• Extracted data:
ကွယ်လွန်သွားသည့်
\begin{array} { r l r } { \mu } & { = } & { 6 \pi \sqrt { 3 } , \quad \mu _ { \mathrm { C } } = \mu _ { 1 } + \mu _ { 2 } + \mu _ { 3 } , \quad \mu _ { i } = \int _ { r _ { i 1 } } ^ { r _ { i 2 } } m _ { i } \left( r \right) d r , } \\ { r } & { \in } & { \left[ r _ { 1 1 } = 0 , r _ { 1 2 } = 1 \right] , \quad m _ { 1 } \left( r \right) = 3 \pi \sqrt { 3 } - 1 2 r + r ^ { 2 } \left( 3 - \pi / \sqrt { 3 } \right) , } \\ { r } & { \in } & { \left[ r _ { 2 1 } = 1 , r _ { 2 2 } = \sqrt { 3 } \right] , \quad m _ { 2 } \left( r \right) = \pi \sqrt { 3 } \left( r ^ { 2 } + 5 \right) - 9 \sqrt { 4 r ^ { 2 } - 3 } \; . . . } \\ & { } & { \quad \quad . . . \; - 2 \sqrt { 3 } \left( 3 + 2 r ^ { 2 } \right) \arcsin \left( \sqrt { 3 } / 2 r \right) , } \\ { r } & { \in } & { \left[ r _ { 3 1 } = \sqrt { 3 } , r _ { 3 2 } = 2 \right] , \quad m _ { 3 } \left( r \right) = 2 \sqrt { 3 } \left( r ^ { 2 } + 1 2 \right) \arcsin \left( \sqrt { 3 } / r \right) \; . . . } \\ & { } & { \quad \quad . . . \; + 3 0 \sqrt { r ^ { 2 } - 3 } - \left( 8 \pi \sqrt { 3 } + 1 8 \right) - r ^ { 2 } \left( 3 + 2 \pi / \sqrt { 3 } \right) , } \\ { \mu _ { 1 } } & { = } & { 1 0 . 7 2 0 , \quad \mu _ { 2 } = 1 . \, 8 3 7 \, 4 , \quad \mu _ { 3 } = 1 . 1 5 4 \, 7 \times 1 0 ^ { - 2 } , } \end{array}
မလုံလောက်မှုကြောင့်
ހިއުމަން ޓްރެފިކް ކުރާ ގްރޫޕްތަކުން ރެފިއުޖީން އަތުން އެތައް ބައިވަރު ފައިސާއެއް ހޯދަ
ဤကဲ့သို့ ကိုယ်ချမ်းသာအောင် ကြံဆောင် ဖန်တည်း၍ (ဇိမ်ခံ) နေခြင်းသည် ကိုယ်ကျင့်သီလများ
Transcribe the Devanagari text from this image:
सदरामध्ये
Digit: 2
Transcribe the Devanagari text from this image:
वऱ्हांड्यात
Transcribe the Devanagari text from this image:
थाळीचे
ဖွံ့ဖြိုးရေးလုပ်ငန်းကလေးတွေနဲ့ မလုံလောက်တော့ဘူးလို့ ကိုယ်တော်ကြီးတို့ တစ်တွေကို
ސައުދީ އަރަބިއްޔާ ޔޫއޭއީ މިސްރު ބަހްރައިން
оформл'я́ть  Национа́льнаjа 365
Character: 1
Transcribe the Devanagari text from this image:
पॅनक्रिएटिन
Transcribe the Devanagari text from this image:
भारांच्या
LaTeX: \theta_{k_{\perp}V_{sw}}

• About this task: All that is needed is the line containing "पॅनक्रिएटिन" and each line after it to the end of the data above, set down exactly.

• Output for this exercise:
पॅनक्रिएटिन
Transcribe the Devanagari text from this image:
भारांच्या
LaTeX: \theta_{k_{\perp}V_{sw}}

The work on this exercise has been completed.